%%

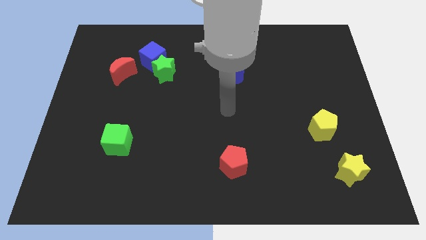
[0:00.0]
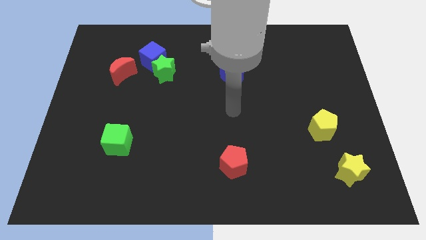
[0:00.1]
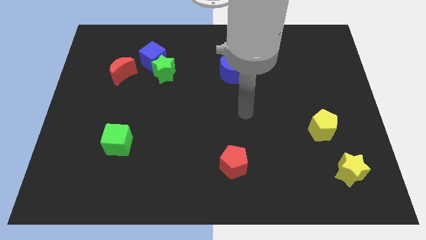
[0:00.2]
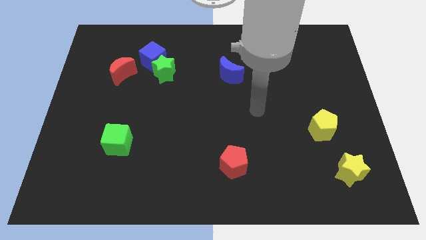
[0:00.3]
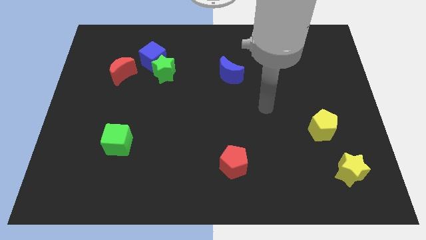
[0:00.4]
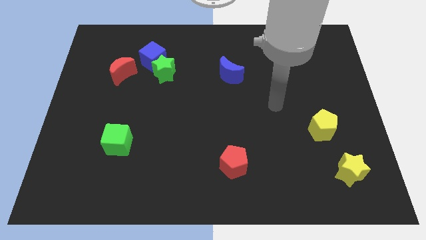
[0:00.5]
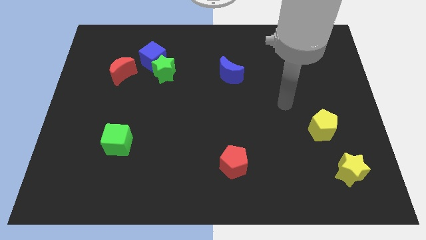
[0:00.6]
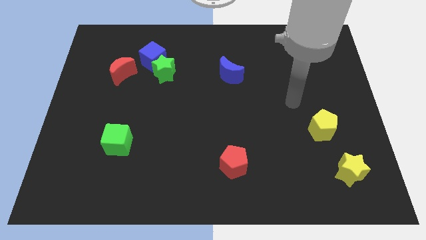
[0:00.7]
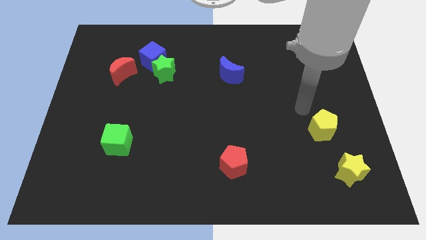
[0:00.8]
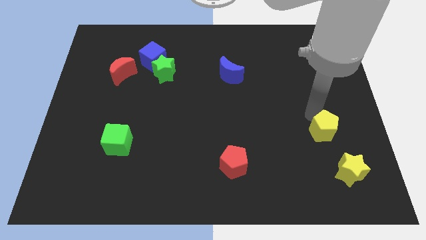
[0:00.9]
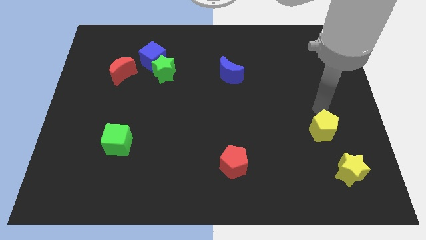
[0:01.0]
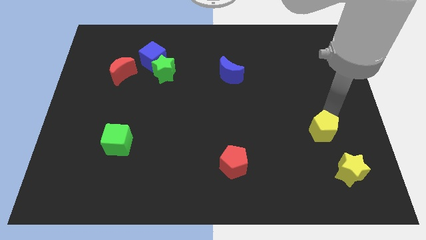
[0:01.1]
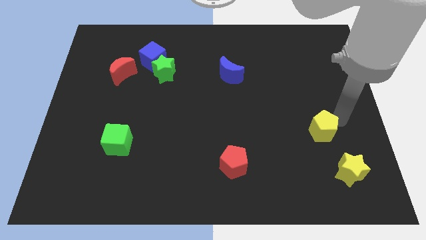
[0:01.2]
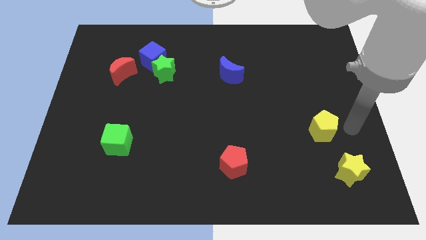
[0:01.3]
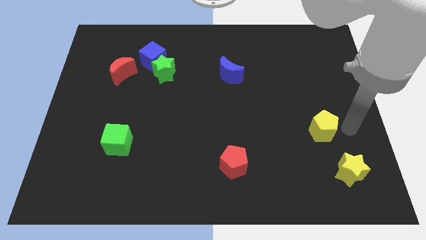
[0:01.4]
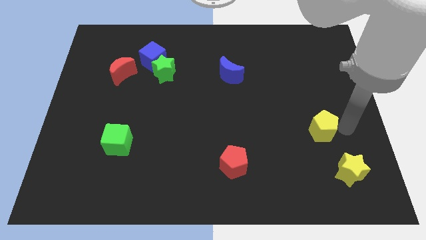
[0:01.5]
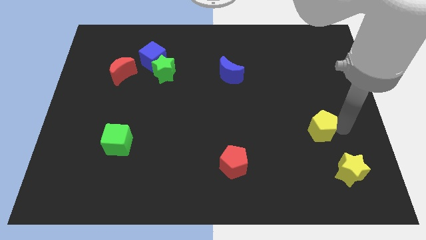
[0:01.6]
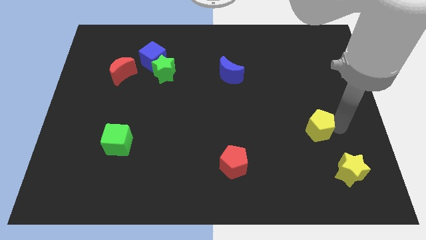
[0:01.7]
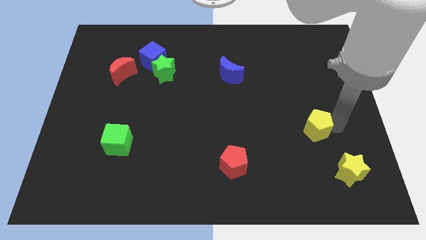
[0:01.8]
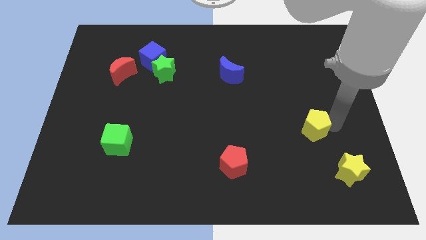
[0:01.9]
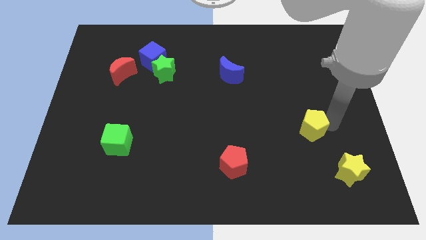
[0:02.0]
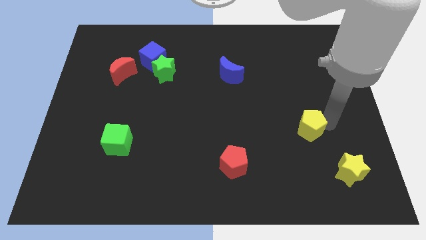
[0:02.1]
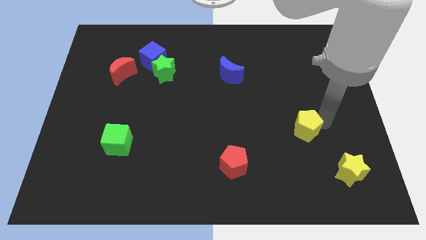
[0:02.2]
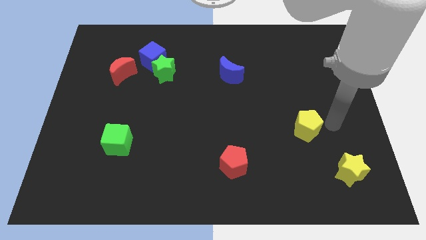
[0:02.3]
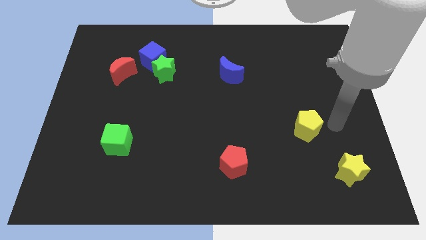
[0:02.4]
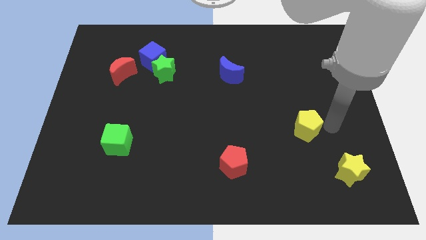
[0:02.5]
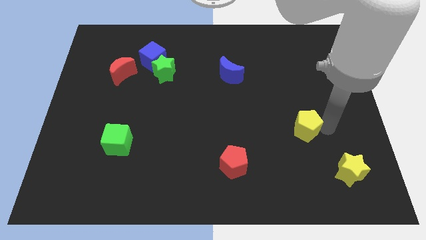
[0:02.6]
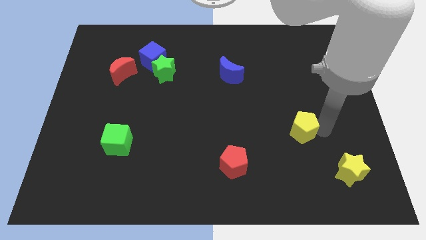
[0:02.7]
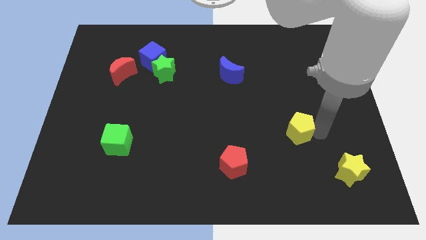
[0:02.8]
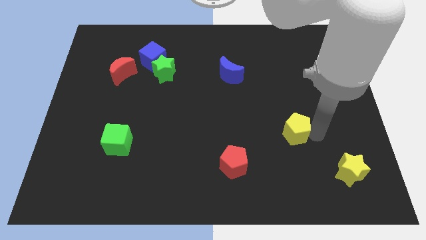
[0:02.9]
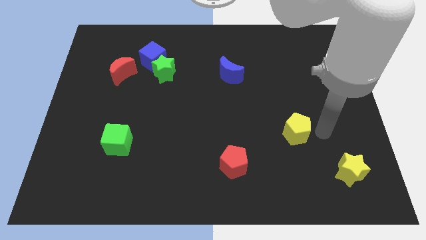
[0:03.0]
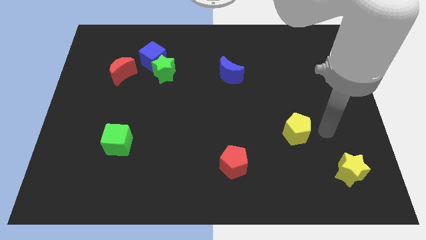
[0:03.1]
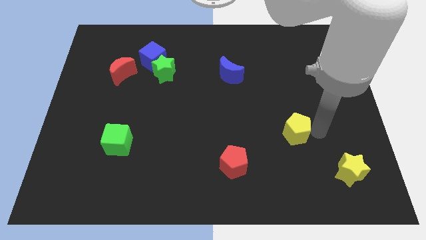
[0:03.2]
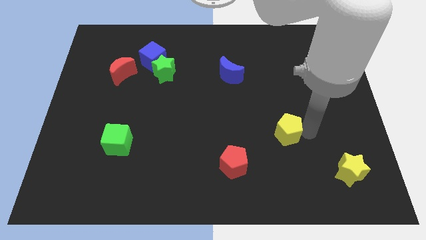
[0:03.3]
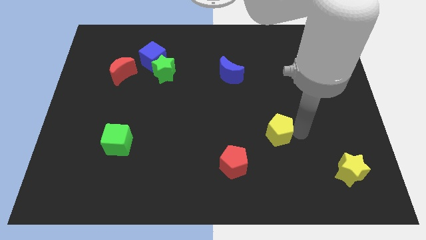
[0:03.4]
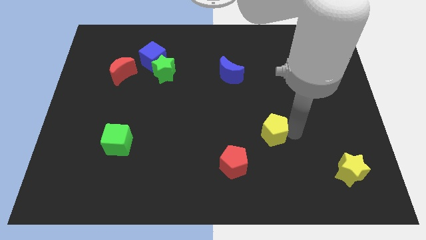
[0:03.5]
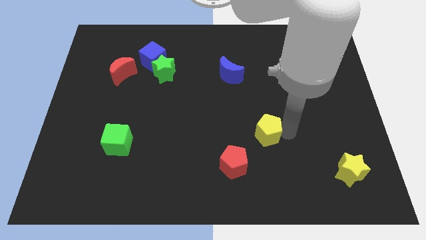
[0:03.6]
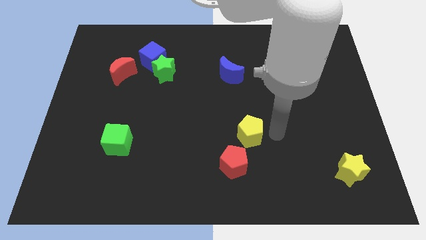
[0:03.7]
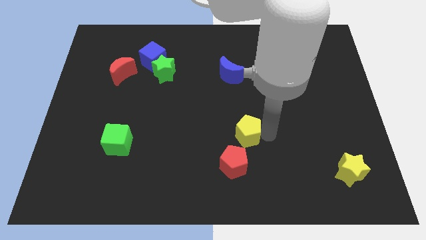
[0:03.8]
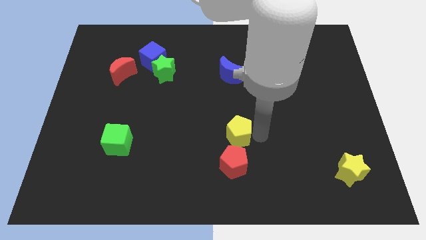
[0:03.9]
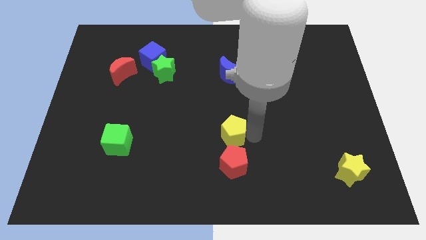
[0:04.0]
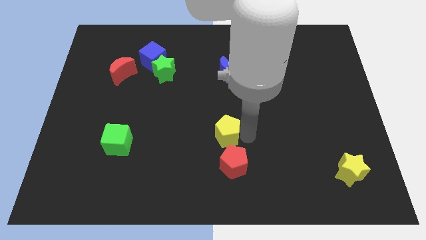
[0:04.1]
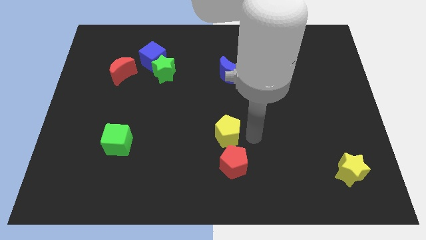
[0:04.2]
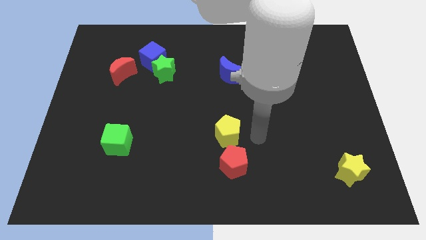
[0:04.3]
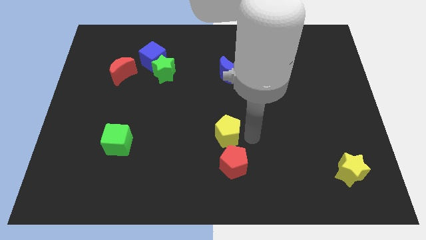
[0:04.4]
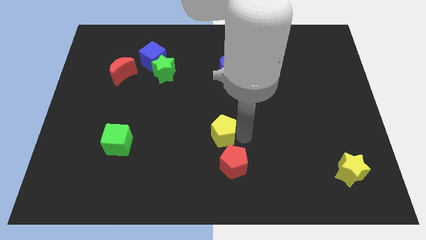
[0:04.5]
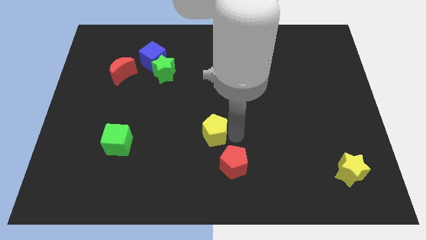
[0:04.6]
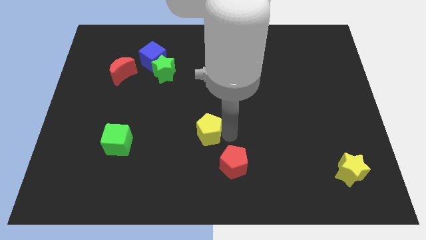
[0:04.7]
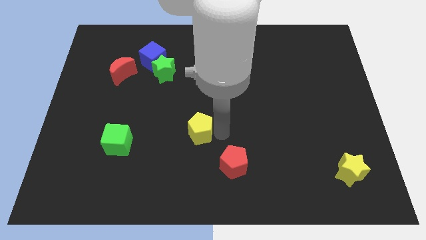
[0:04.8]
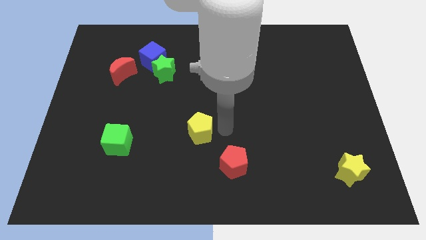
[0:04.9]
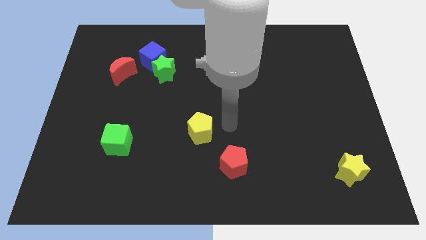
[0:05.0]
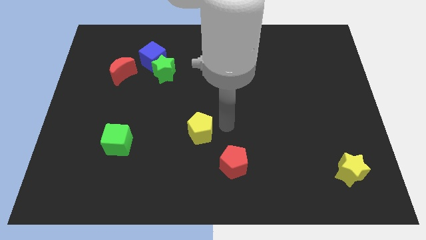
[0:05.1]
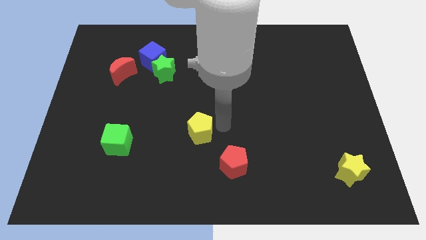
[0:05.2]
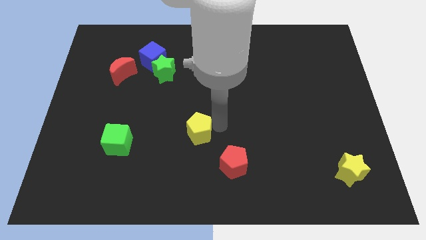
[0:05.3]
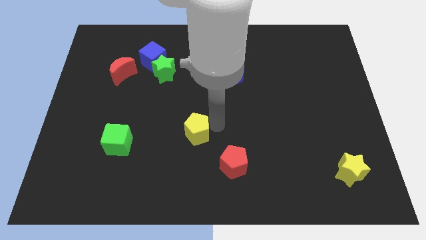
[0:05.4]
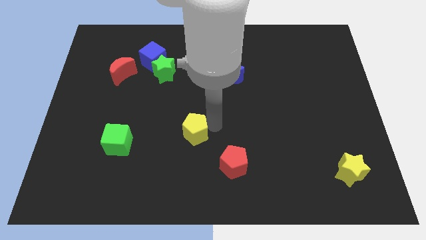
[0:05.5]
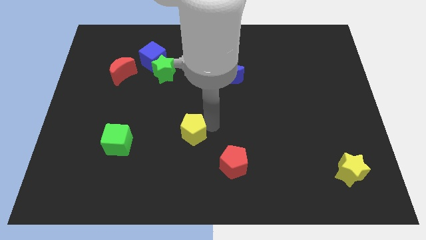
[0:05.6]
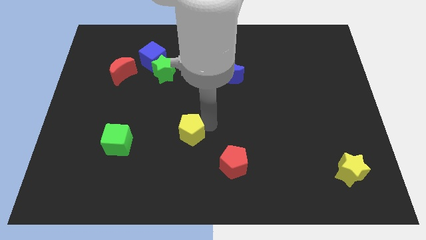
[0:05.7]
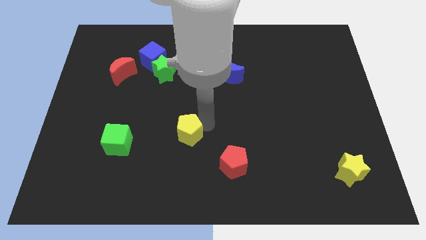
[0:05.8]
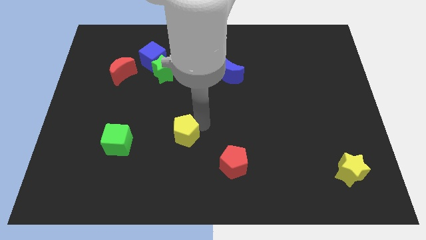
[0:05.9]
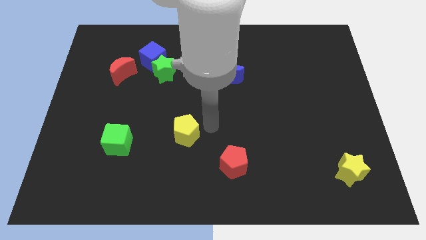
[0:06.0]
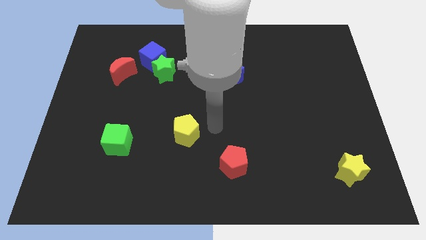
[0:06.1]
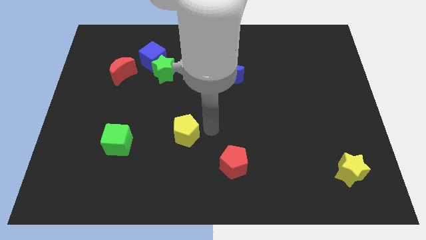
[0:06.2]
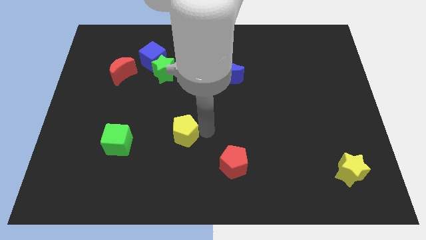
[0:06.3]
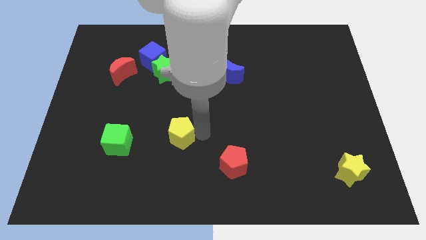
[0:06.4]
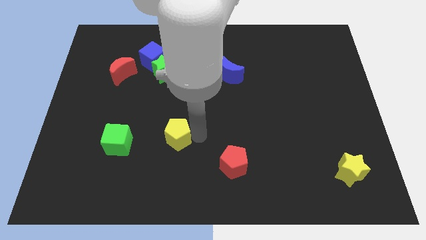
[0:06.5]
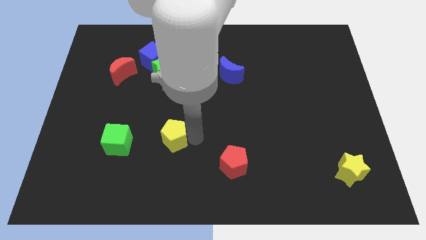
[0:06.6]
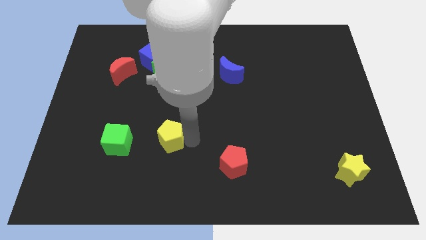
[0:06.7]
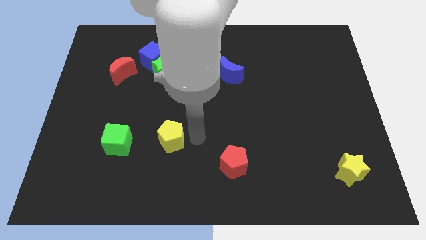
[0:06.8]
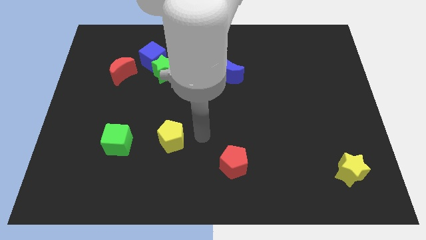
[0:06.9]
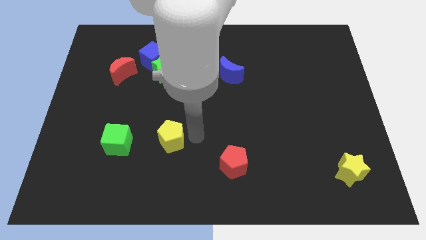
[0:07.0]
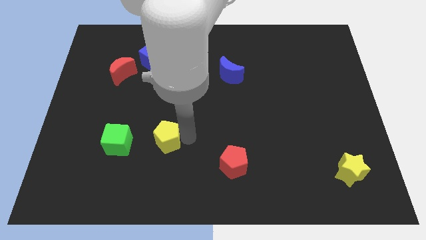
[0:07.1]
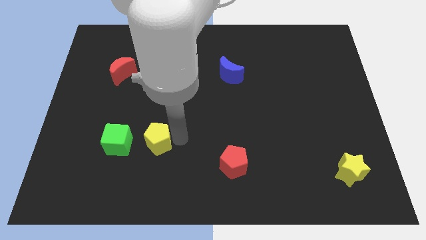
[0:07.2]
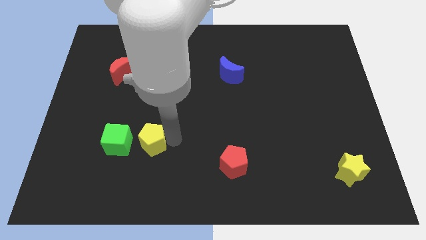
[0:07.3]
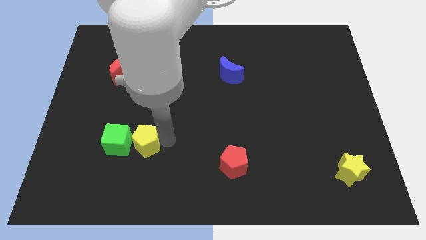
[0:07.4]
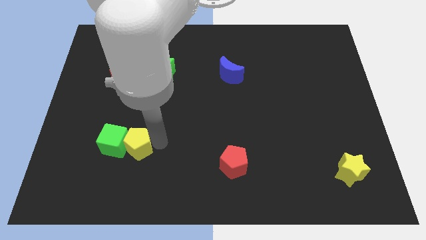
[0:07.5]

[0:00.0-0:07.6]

%%

◆ TASK PROMPT:
Without including any picture, retype the entries exactly.

◆ TASK OUTPUT:
[0:00.0]
[0:00.1]
[0:00.2]
[0:00.3]
[0:00.4]
[0:00.5]
[0:00.6]
[0:00.7]
[0:00.8]
[0:00.9]
[0:01.0]
[0:01.1]
[0:01.2]
[0:01.3]
[0:01.4]
[0:01.5]
[0:01.6]
[0:01.7]
[0:01.8]
[0:01.9]
[0:02.0]
[0:02.1]
[0:02.2]
[0:02.3]
[0:02.4]
[0:02.5]
[0:02.6]
[0:02.7]
[0:02.8]
[0:02.9]
[0:03.0]
[0:03.1]
[0:03.2]
[0:03.3]
[0:03.4]
[0:03.5]
[0:03.6]
[0:03.7]
[0:03.8]
[0:03.9]
[0:04.0]
[0:04.1]
[0:04.2]
[0:04.3]
[0:04.4]
[0:04.5]
[0:04.6]
[0:04.7]
[0:04.8]
[0:04.9]
[0:05.0]
[0:05.1]
[0:05.2]
[0:05.3]
[0:05.4]
[0:05.5]
[0:05.6]
[0:05.7]
[0:05.8]
[0:05.9]
[0:06.0]
[0:06.1]
[0:06.2]
[0:06.3]
[0:06.4]
[0:06.5]
[0:06.6]
[0:06.7]
[0:06.8]
[0:06.9]
[0:07.0]
[0:07.1]
[0:07.2]
[0:07.3]
[0:07.4]
[0:07.5]

[0:00.0-0:07.6]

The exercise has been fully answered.